僕は捌いた肉たちを神術で浮かして馬車の中に入った。すると、ハクが驚いたようにこっちを見ていた。
「すごいのぉ。魔術はそんなこともできるんじゃな」
「ハクは使えないの?」
「身体強化くらいじゃな。ワシに魔術は合わんかった」
「誰でも使えると思うんだけど」
「ああ、そういう意味ではないのじゃ。後ろからポンポン放つよりも、前に出て切った方がワシの好みじゃったというだけの話じゃ」
なるほどね。確か僕の剣術の師匠もそんなことを言ってたな。僕は別にどっちでもいいと思うけど。戦いに楽しさを感じる人間じゃないし。

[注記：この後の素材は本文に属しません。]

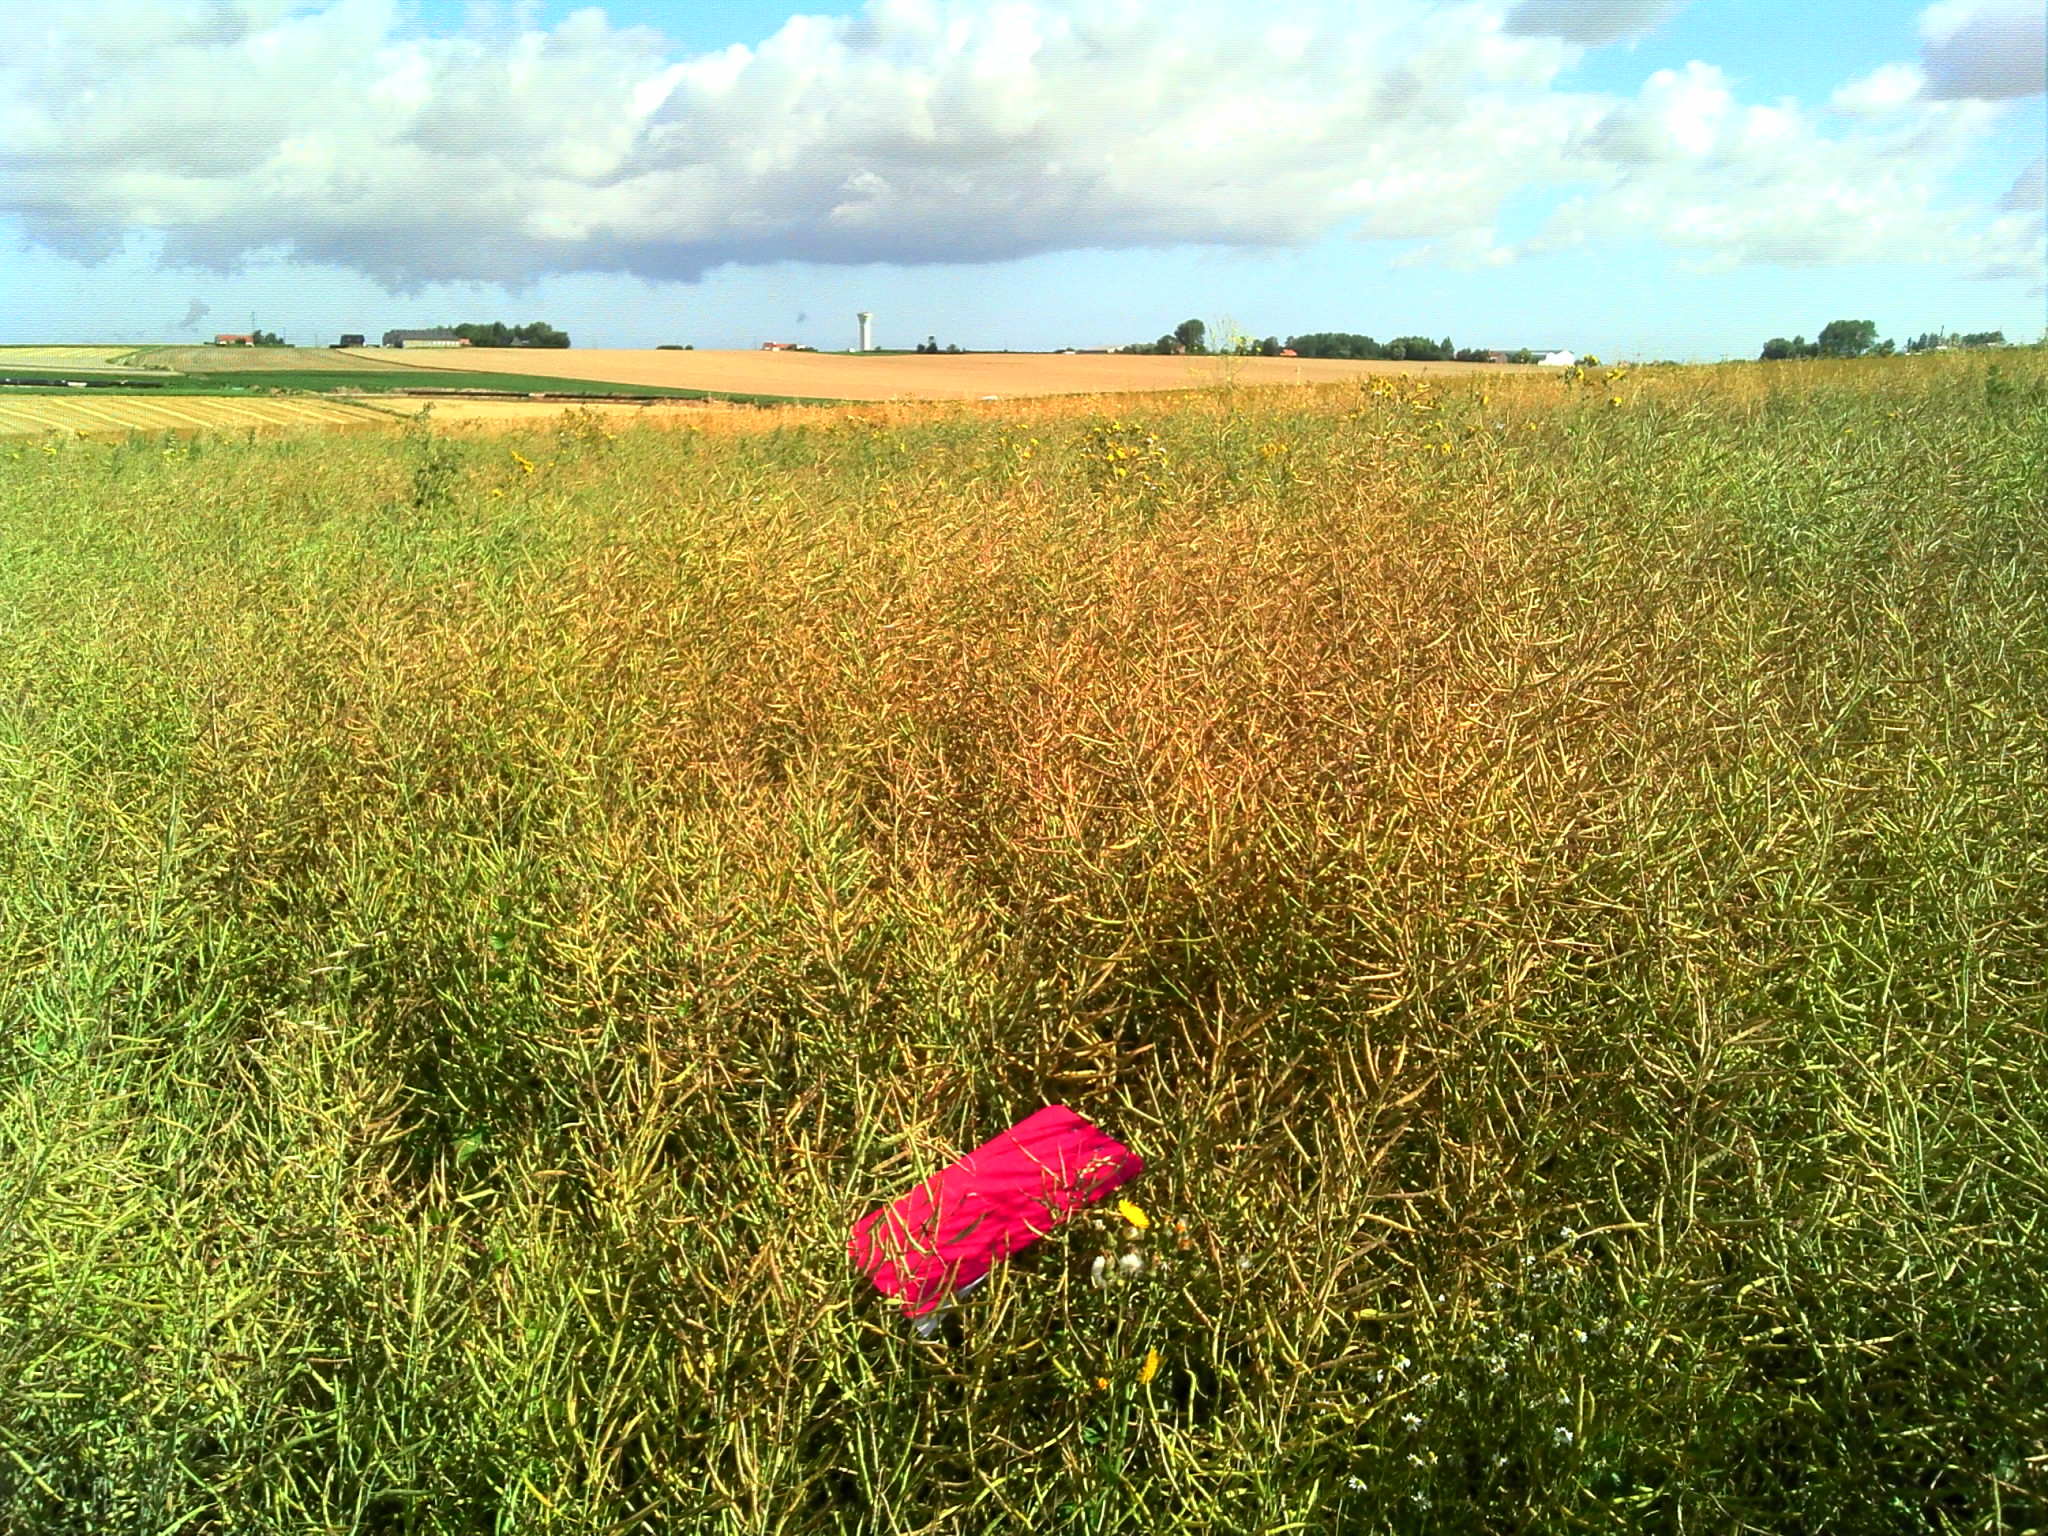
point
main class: Cropland
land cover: Rape and turnip rape
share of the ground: > 75 %
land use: Agriculture (excluding fallow land and kitchen gardens)
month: July
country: FR
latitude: 50.9203
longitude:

僕はハクに肉の置き場所を聞いて、そこに肉たちを置いた。
「正確には魔術じゃないんだけど、僕みたいな力の使い方をしている人はいないの?」
「ほう、魔術ではなかったのか」
「正確にはね。でも似たようなものだよ」
「ふむ。ユートみたいな使い方をしている者はみたことはないのぉ。基本、魔術は相手を殺すためにある。だからそのような使い方は珍しいかもしれん。まぁ、ワシが見たことないだけかもしれんが」
この世界ではそういうものなのか。地球ではむしろ生活を楽にするような使い方をする魔術の方が多かったんだけど。
「おーい! 出発すんぞー!」
ベルのそんな声が聞こえてくるとゆっくりと馬車が動き出し、一定の速さで走り始めた。やっぱり歩くよりかは速いもんだね。
「そういえば精霊様はどうしたのじゃ?」
「恐竜を捌いている間に寝ちゃった。精霊はよく寝るから」
「そうなのか。精霊様のことはあまり伝わっておらんからわからんのじゃ」
「どこか遠くの土地で国を作ったって聞いたけど」
「うむ。その精霊様はそこから来たのかもしれぬな。何か聞いておらんのか?」
別世界から来た。って言っても別に問題はないんだけどね。信じるか信じないかは本人次第だし。でも、わざわざ混乱させなくてもいいんじゃないかなって僕は思ってる。
「特には聞いてないかな」
「そうか。……旅をしているのじゃったな。話を聞かせてはくれんか?」
「いいよ。それじゃあ、僕が遠い遠い地にいた頃の話……」
僕は自分の旅がどんなものだったかを語った。時にハクの質問に答えながら。